Drunk in a bar in Texas. The 24 y/o hottie I am chatting up just called me a male cougar. I am dealing with this whole turning 40 thing juuuust fine.
while 90% of the female population goes to worship a fictional character tonight at midnight, I will be taking advantage of having the bars ALL TO MYSELF.
She is sleeping in a dress because she's too drunk to put "real clothes" on
I can't believe you're fucking in the bar bathroom, but everyone else can, and they're really proud.
Restaurants Roasting People Who Gave Them Negative Yelp Reviews (25 Pics)
he acted like he had never seen anyone snort lines of adderall off of a microwave before. freshman.

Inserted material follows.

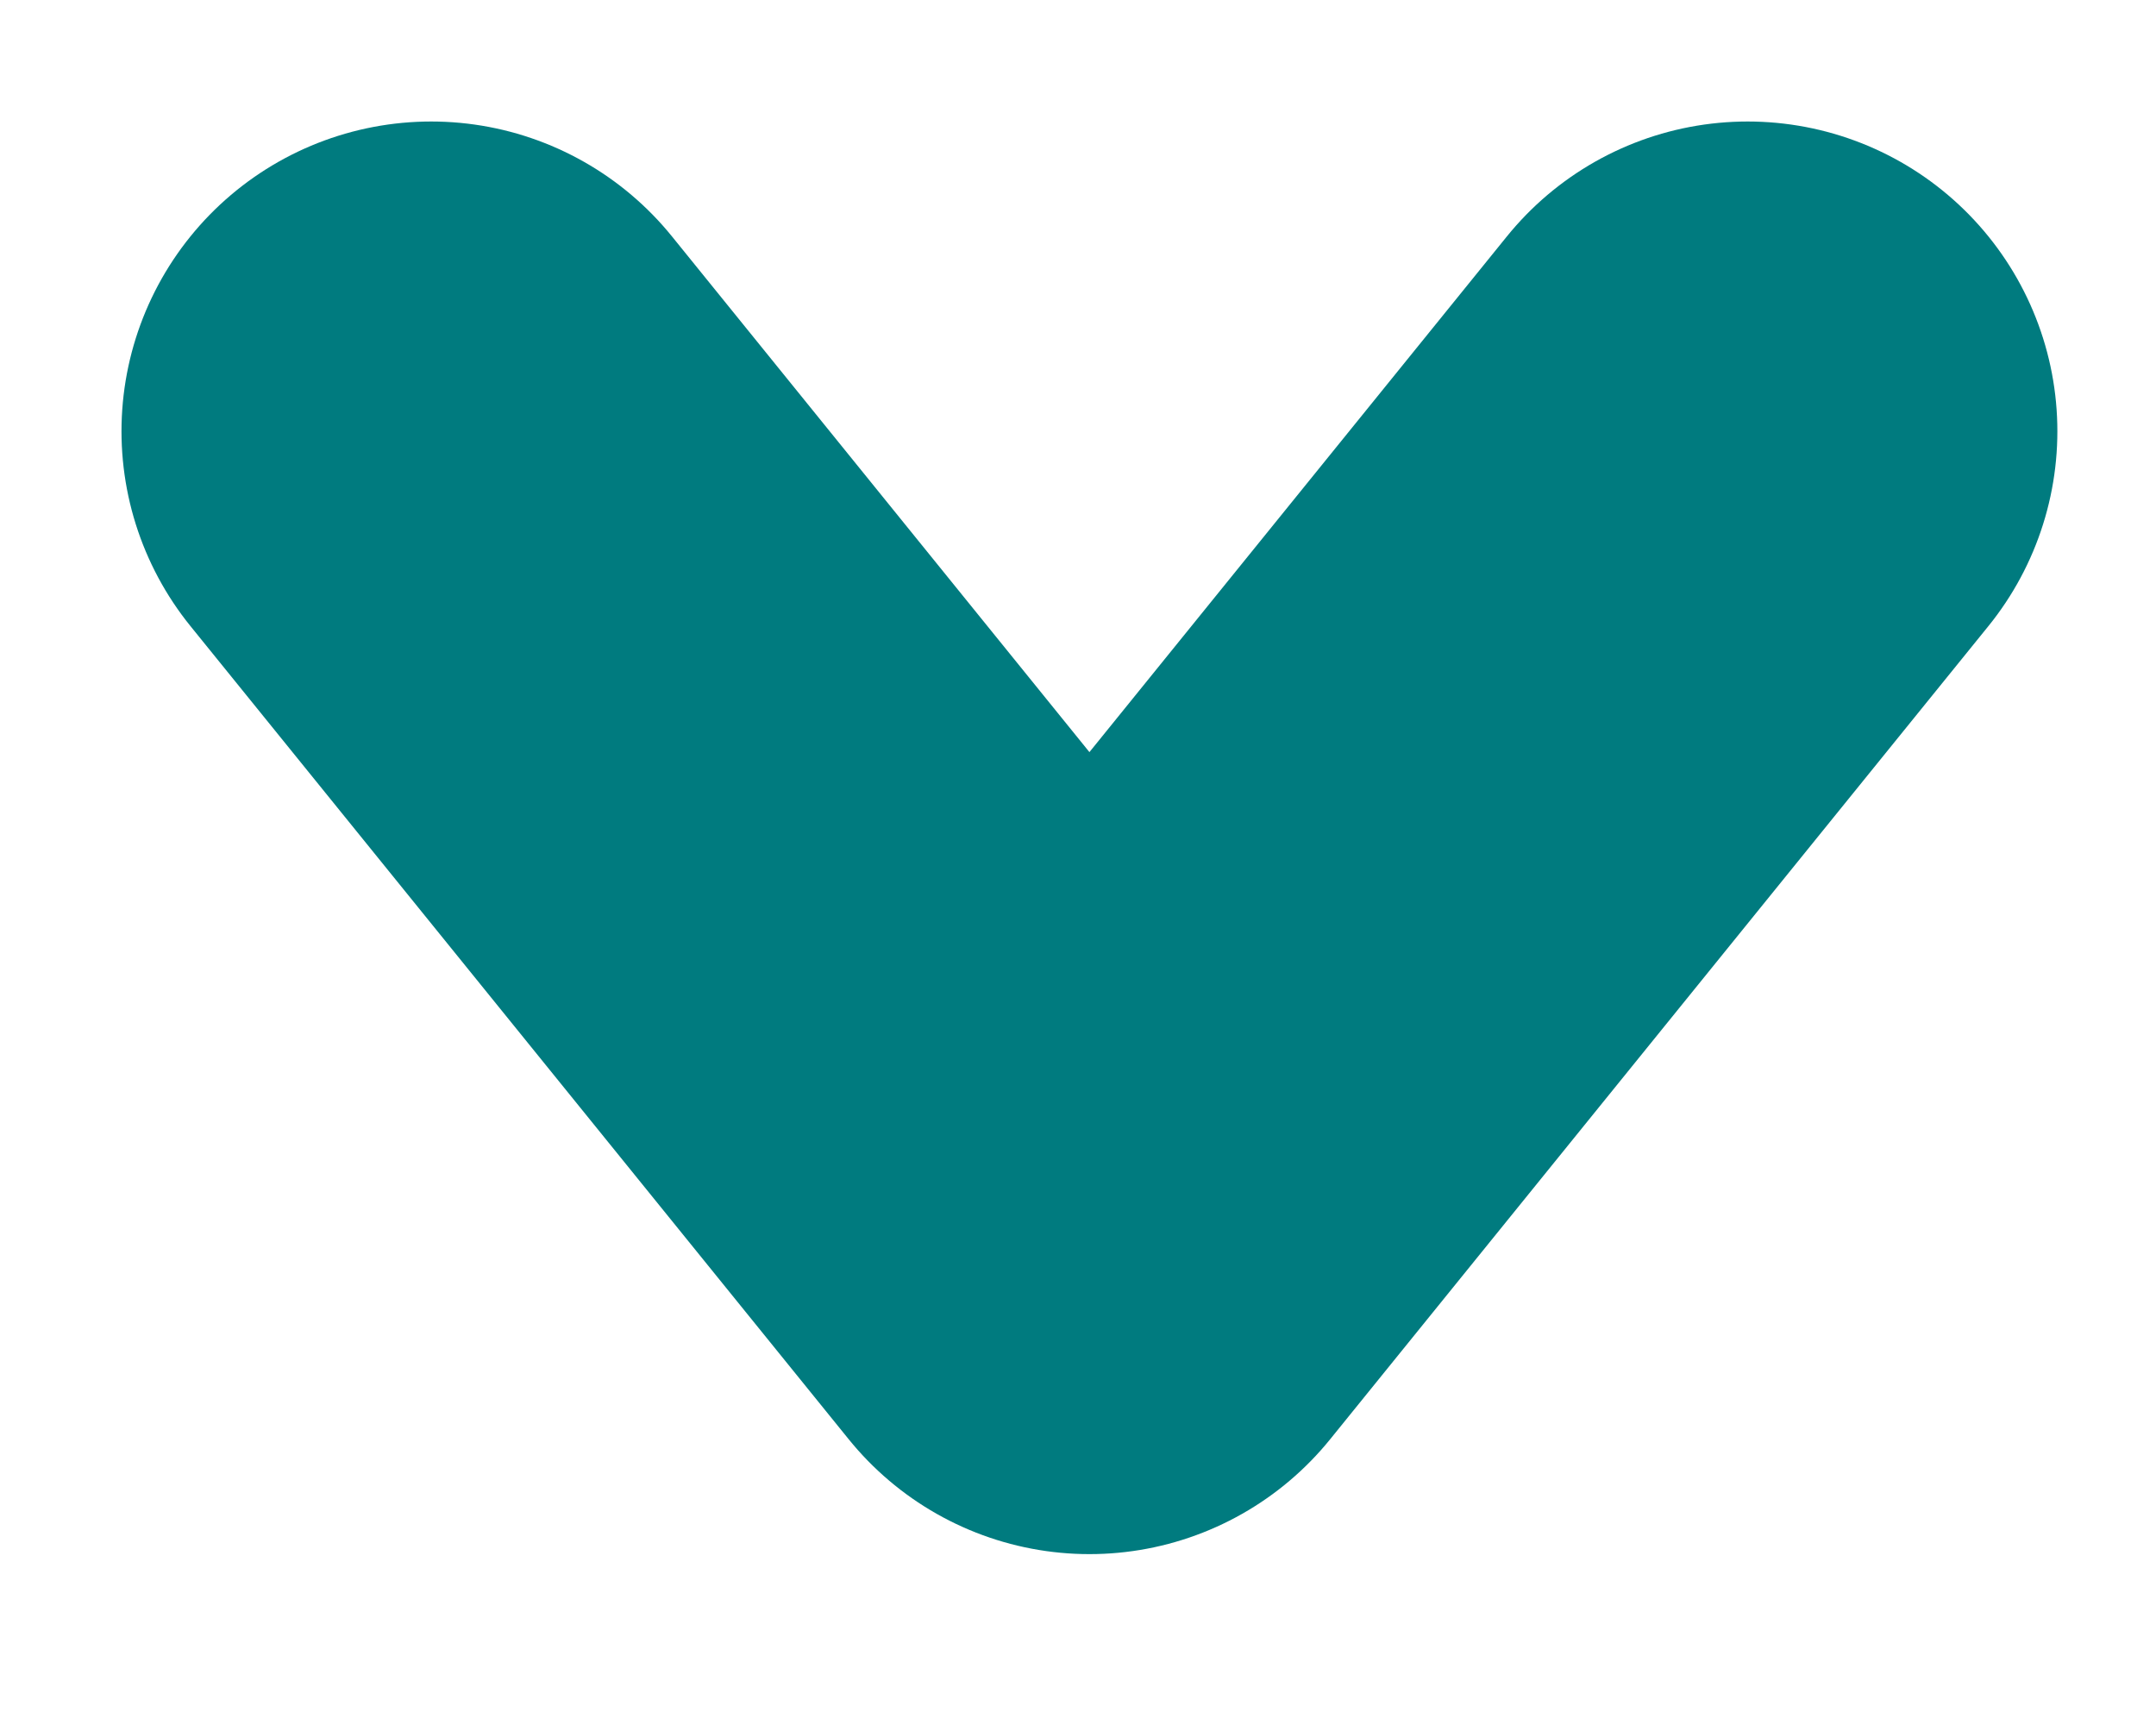 <?xml version="1.0" encoding="utf-8"?>
<svg xmlns="http://www.w3.org/2000/svg" fill="none" height="100%" overflow="visible" preserveAspectRatio="none" style="display: block;" viewBox="0 0 10 8" width="100%">
<path d="M2 2L5.053 5.771L8.106 2" id="Icon" stroke="#007B7F" stroke-linecap="round" stroke-linejoin="round" stroke-width="2.873"/>
</svg>

It's like alcoholism for beginners at my kitchen table.
I knew it was time to stop when you guys were playing a drinking game called "every three steps take a drink"

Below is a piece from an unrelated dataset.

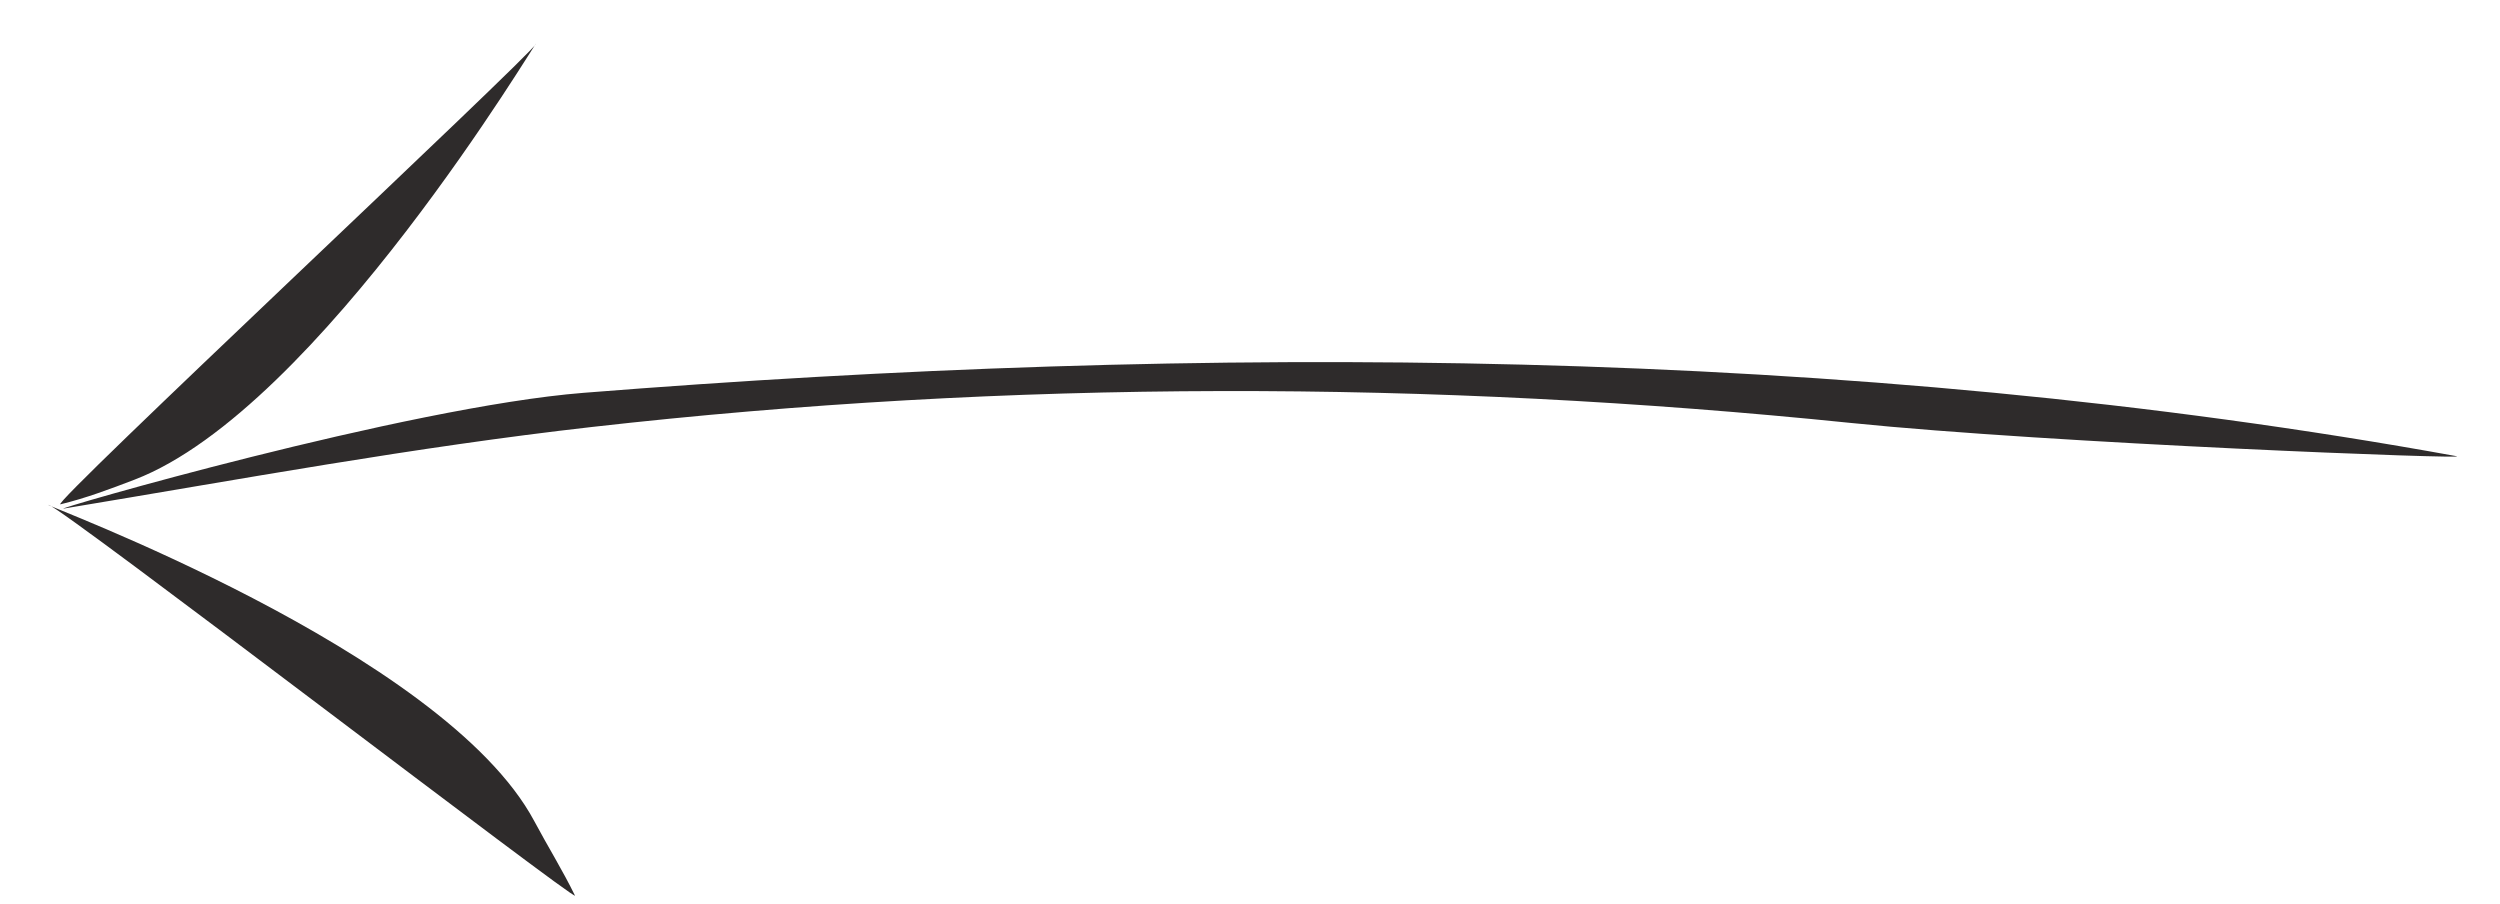 <?xml version="1.0" encoding="UTF-8"?> <svg xmlns="http://www.w3.org/2000/svg" width="47" height="17" viewBox="0 0 47 17" fill="none"><path d="M46.182 8.576C46.539 8.641 38.575 8.338 34.792 7.951C26.907 7.144 19 7.135 11.121 8.028C7.788 8.406 4.507 9.013 1.2 9.561C0.895 9.612 7.645 7.649 10.972 7.385C22.548 6.465 34.725 6.495 46.182 8.576ZM1.137 9.481C0.885 9.542 9.973 1.049 10.074 0.827C10.163 0.628 5.996 7.686 2.531 9.017C2.077 9.191 1.61 9.367 1.137 9.481ZM0.915 9.493C0.68 9.443 8.338 12.234 10.046 15.44C10.294 15.906 10.578 16.362 10.809 16.836C10.889 17 1.182 9.549 0.915 9.493Z" fill="#2E2B2B"></path></svg>

The sun and I are not on speaking terms this morning
Just called a girl a cunt over peanuts. I think we both know it wasn't just about the peanuts.
Woman Posts Harassing DMs From Creep Online, Now He’s Upset Because People Told His Mom
I just encountered the same creepy guy I showed you, he jumped inside the dumpster screaming.
Eating a chocolate bar and crying over a cobweb. Life is beautiful and I love shrooms.
I'm getting a collar when he gets back in to town! That's like the bdsm equivalent of getting his class ring!
Do you really want to know anything about the inner machinations of a furry's mind
If God is analyzing my life right now extremely proud or dissapointed but either way I took wednesday night drinkin to new levels
Standing straight up with intensity he came in his own mouth. I know this because he showed me the video from five different angles when asked if I would like him to demonstrate. And I did.